(DATA EXCERPTS)
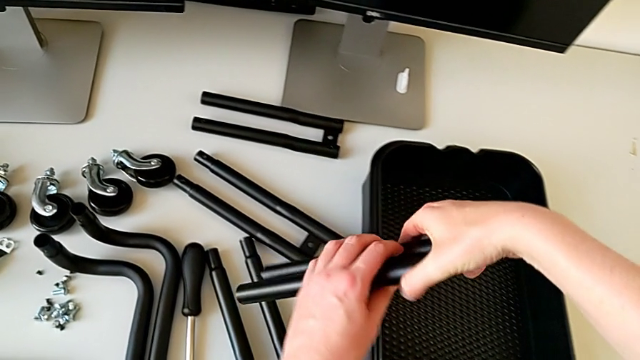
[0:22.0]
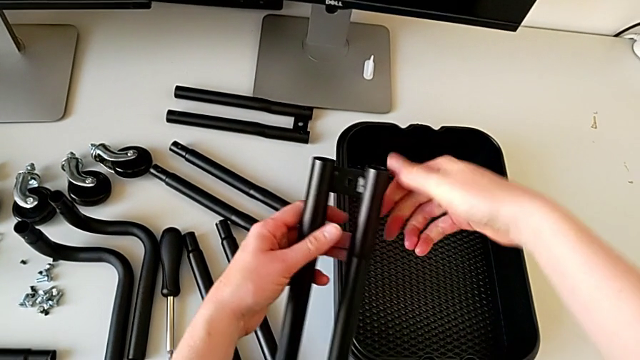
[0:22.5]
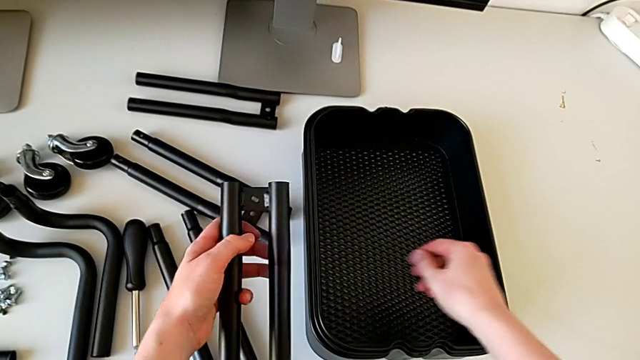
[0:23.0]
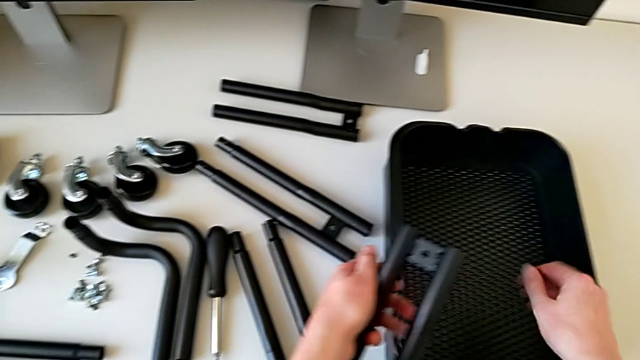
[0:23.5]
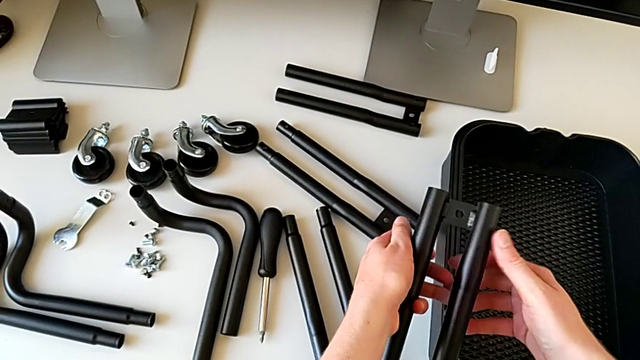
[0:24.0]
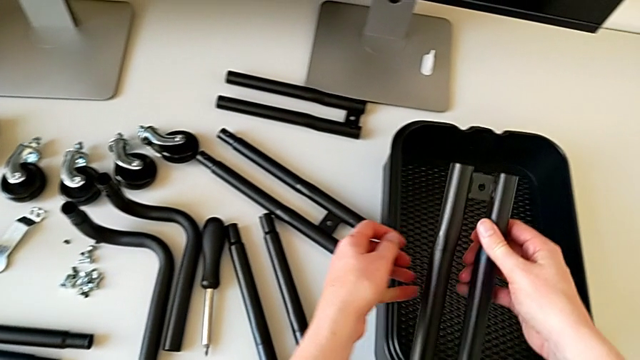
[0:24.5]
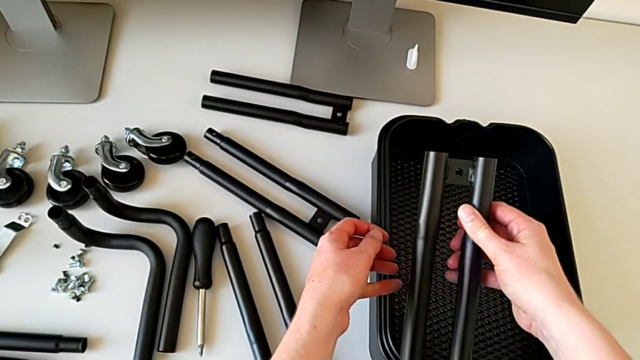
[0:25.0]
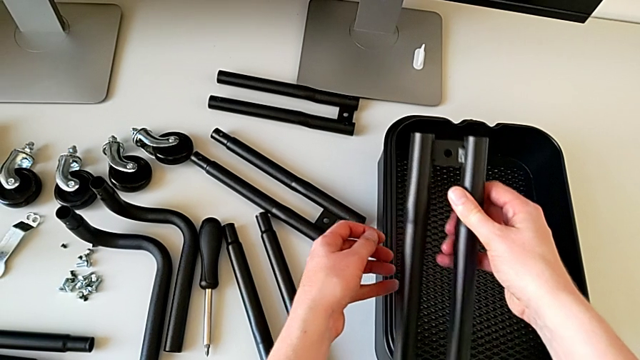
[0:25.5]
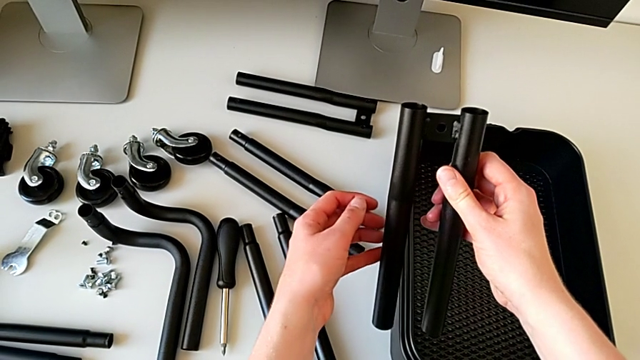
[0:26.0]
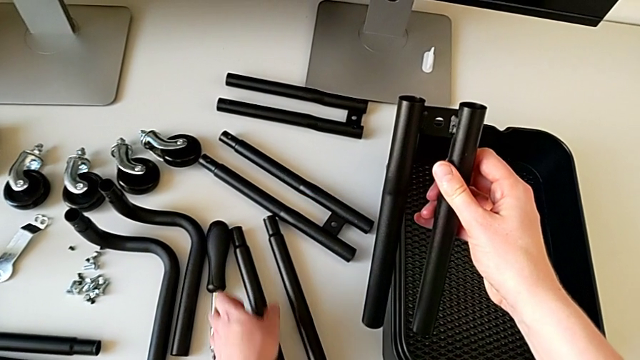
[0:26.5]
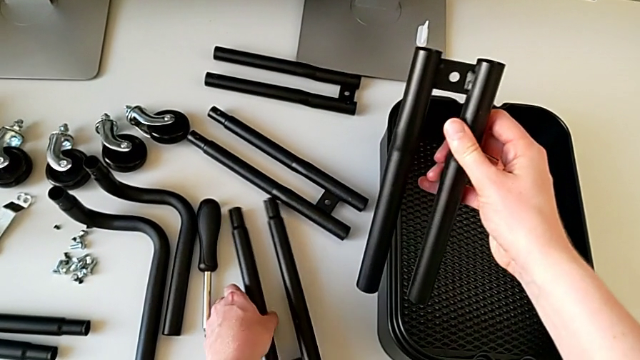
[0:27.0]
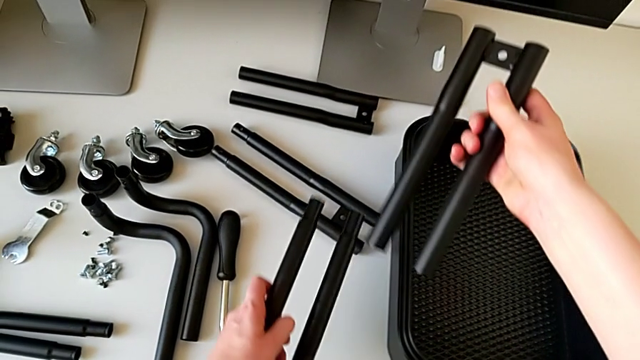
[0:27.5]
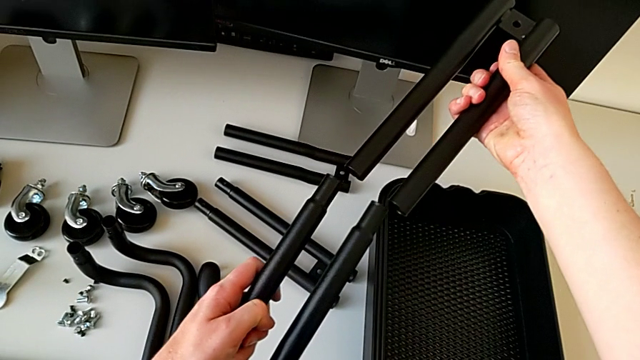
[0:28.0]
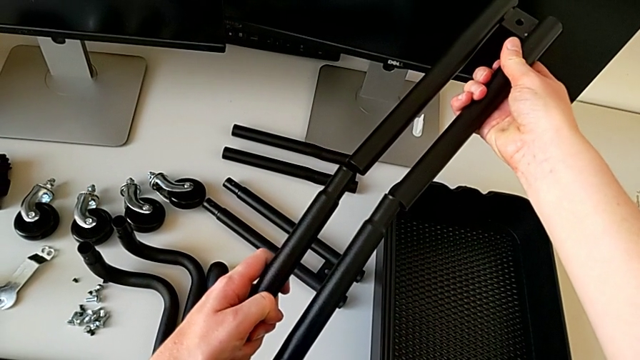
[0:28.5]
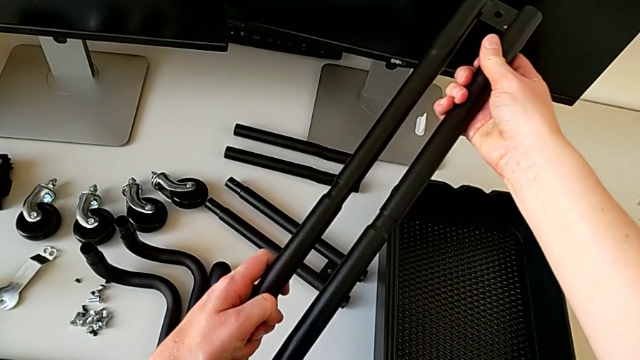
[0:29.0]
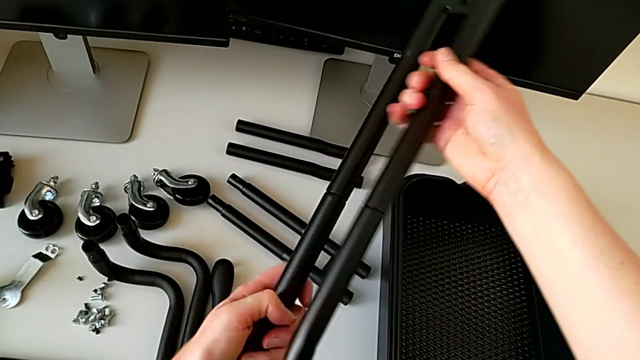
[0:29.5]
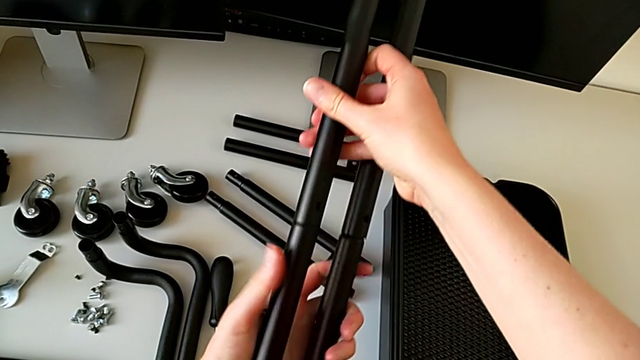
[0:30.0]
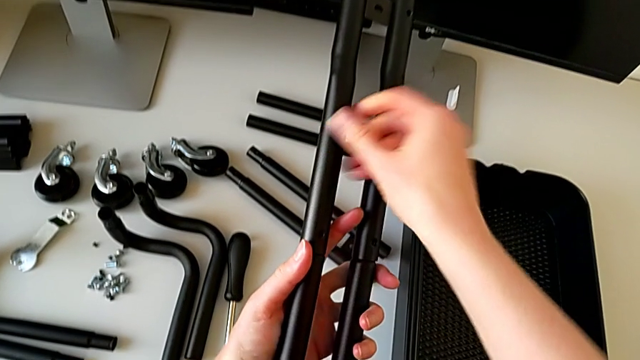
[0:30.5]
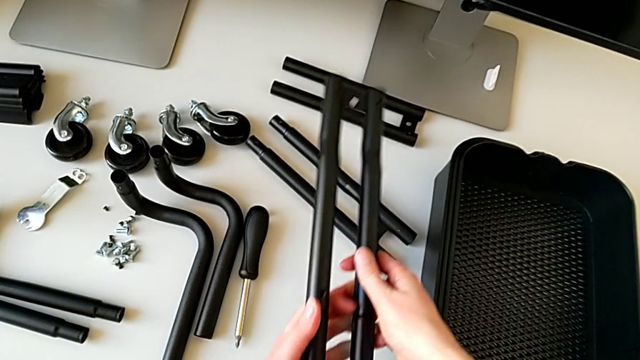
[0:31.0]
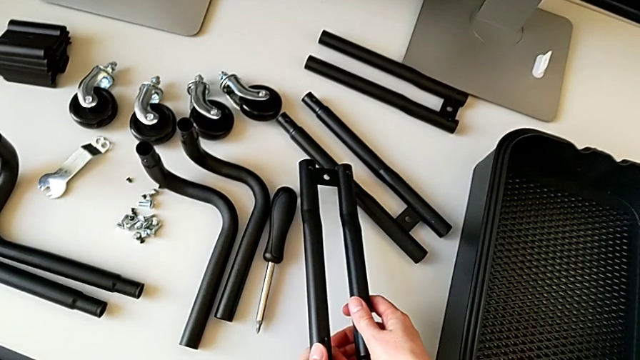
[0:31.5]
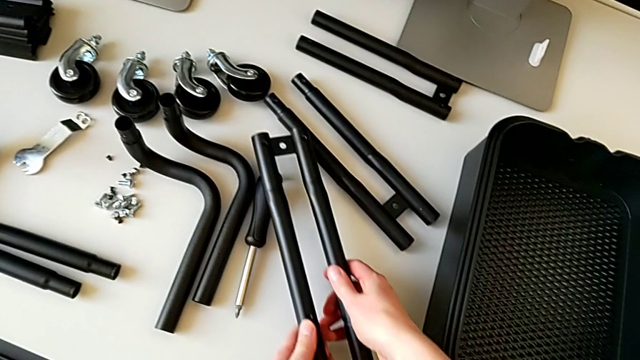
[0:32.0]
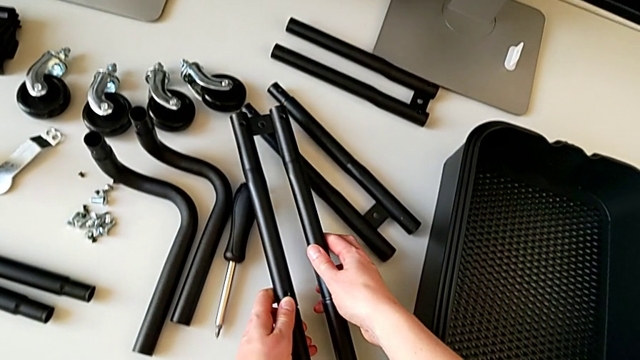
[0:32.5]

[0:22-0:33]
The camera wearer is assembling the correct bars. They rotate the leg, hold it, grab it, assemble it and begin to place it.

(ACTIVITY)
Please retype the data exactly, but do not carry over any picture.

(RESPONSE AREA)
[0:22.0]
[0:22.5]
[0:23.0]
[0:23.5]
[0:24.0]
[0:24.5]
[0:25.0]
[0:25.5]
[0:26.0]
[0:26.5]
[0:27.0]
[0:27.5]
[0:28.0]
[0:28.5]
[0:29.0]
[0:29.5]
[0:30.0]
[0:30.5]
[0:31.0]
[0:31.5]
[0:32.0]
[0:32.5]

[0:22-0:33]
The camera wearer is assembling the correct bars. They rotate the leg, hold it, grab it, assemble it and begin to place it.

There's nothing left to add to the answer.